I WELL remember my impression when I first visited Fairmount some sixteen years ago. I was in Philadelphia over the Sabbath, attended morning service at Lombard Street Church, and in the afternoon, finding there were no churches open, I took a carriage with some dear friends, and visited Fairmount. For the first time I saw something approaching a Parisian sabbath. For some distance before the spot was reached, tables of refreshments gave a holiday look to the street; and when we arrived at our journey's end, what a multitude of people were seen! I found Fairmount a grand resort as it is and must be for the city folk. The view of the Schuylkill and the high grounds of Fairmount, is very beautiful as you approach them from the road leading to the Wire Bridge; passing over the bridge, on either side are fine water scenes, which, beheld in the sunset light of May, gleamed brightly, diversified by all sorts of water craft, and enlivened by the darting here and there of the gay boats. It is a little laborious to ascend the heights of Fairmount to view the great reservoirs, but the prospect is very fine, and it is well to examine the vast preparations needed to give to the city the sparkling fountain, and the easy access to unfailing resources for water within and without the home. It is a little singular that one item in the cost of these water works was $989 for whiskey.
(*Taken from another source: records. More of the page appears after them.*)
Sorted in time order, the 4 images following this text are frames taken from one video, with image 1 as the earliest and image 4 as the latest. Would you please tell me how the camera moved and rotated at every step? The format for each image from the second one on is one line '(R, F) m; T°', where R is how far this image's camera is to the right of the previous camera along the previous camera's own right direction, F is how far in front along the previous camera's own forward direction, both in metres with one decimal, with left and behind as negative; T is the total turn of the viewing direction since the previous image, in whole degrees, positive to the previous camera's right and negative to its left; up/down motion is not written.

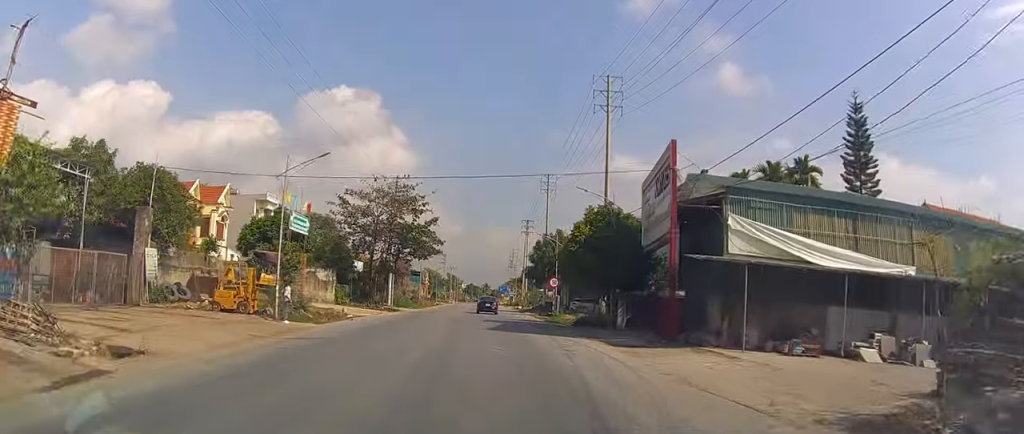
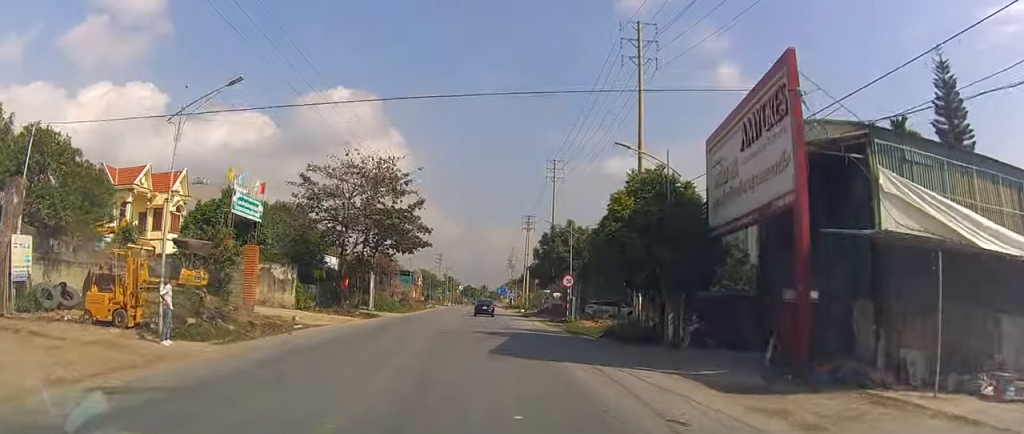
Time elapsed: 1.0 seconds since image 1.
(+0.1, +11.5) m; +2°
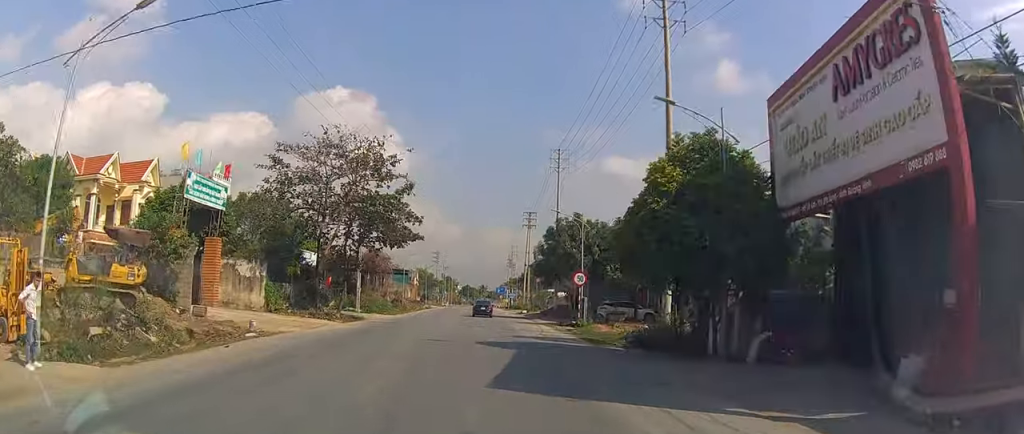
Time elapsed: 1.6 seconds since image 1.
(+0.2, +6.5) m; +1°
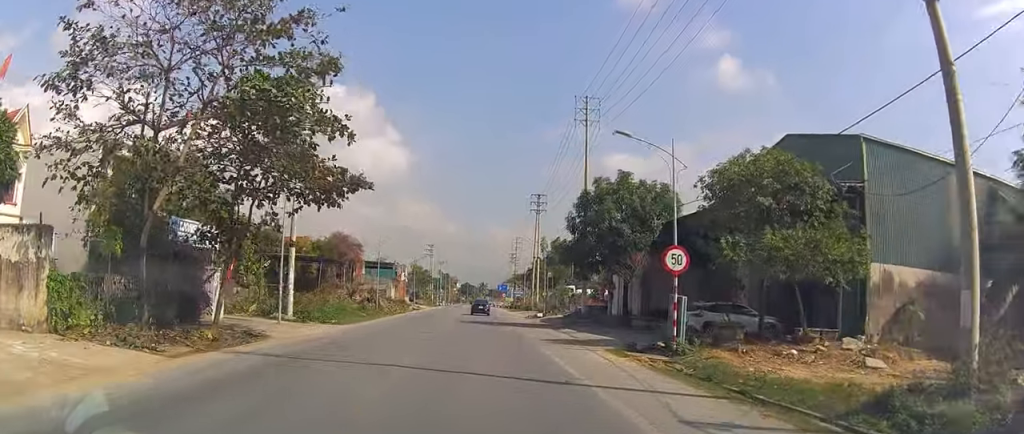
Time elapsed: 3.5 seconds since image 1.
(-1.3, +19.3) m; -3°

It is one matter of rejoicing in reference to the Cochituate (Boston) Water Works, that no intoxicating drinks were furnished to any of the workmen on the whole line of the works. This is but a contrast indicating the progress of attention to temperance principles.

Leaving Fairmount we hastened to the city, as the evening began to be dewy, passing on our way the singular combination of Catholic buildings facing on Schuylkill Street: First, is the Sisters of Charity dwelling--a handsome white marble front; next is the magnificent Cathedral VOL. XX.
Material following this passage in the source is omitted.